But digging into my table of old output gap estimate prompted me to look again at how they’d evolved, and when the Bank first estimated that the economy was really quite badly overheated (ie published a real-time estimate of a big positive output gap). They now reckon the output gap peaked in the September quarter of 2022 at about 4.5 per cent of GDP. That’s a dreadful reflection, but it is also an estimate with the benefit of hindsight.

What counts as “big”? If we look back to the 00s – and by 2007 there wasn’t much doubt that the economy was really overheated – the Reserve Bank now estimates a peak positive output gap then a 2.8% (of potential GDP).

As early as the November 2021 MPS, the Bank estimated that in the June quarter of 2021 the output gap had reached 2.6 per cent of GDP. Now, things got messed up by the lockdowns in the second half of 2021, but even in November 2021 the Bank thought the output gap would be back up to 2 per cent by the following quarter (March 2022).

Perhaps more strikingly, by the May 2022 MPS, the Reserve Bank estimated that the output gap for the quarter they were actually in was 2.7 per cent of GDP. As time passes it is so easy to lose sight of what happened when, but the May 2022 MPS was the one in which the Bank raised the OCR to the giddy heights of 2 per cent, pretty much bang on the midpoint estimate of the neutral nominal OCR (as published in that same MPS). Why would you (MPC) consider it appropriate to have the OCR only at neutral when the economy was already, on your own estimates, badly overheated? As an independent check on overheating, the unemployment rate for the March quarter (which the MPC had when they made their decision) was a multi-decade low of 3.2 per cent.

Now, it is certainly fair to note that the May 2022 MPS included a projected track of further OCR increases over the following year to a peak of around 3.9 per cent. But – as we’ve just seen again since May – forward tracks are to a considerable extent vapourware; the hard decision was the OCR decision made that day by that committee (which incidentally included both Silk and Hawkesby, and the then new chief economist Paul Conway).

It is easy to look back and criticise historical forecasts that turn out to be quite wrong. But that isn’t my point here. On the Reserve Bank’s own forecasts and estimates – of two unobservable variables (neutral interest rates and output gaps), but ones that play a significant part in the Bank’s rhetorical framing – things were badly overheated and yet the OCR had barely got to neutral. And it wasn’t as if there was no inflation evident: in May 2022 the latest estimate from the Bank’s own slow-moving sectoral factor model measure of core inflation was already at 4.2 per cent (later revised a bit further up), miles above the top of the target range, let alone the target midpoint that the MPC was supposed to have been focused on.

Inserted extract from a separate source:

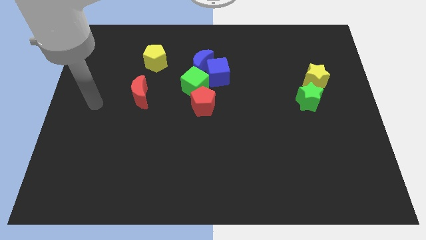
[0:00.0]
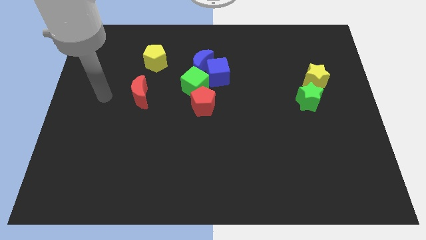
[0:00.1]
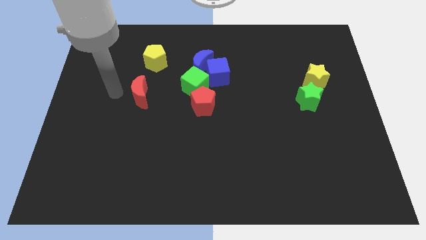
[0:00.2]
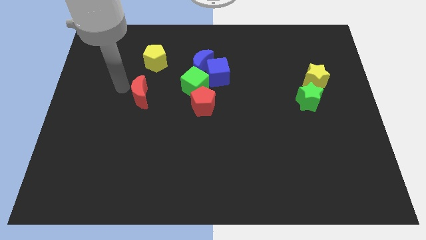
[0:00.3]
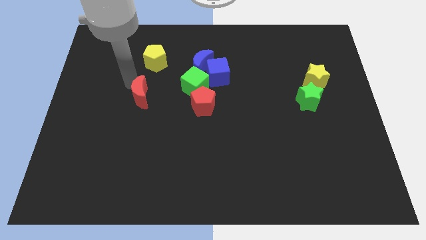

There really isn’t much excuse. On estimates the Bank had in front of them – and was willing to publish – the inflation drama could by now have been over a year ago had they adopted an OCR that their own forecasts/estimates pointed to. But the MPC chose not to (just as, for some weird reason, they kept on pumping out modestly-subsidised (so-called) Funding for Lending loans to banks – a Covid support measure, designed when the concern was deflationary risks – for many months more. Remarkably, there are still $15 billion of these loans outstanding.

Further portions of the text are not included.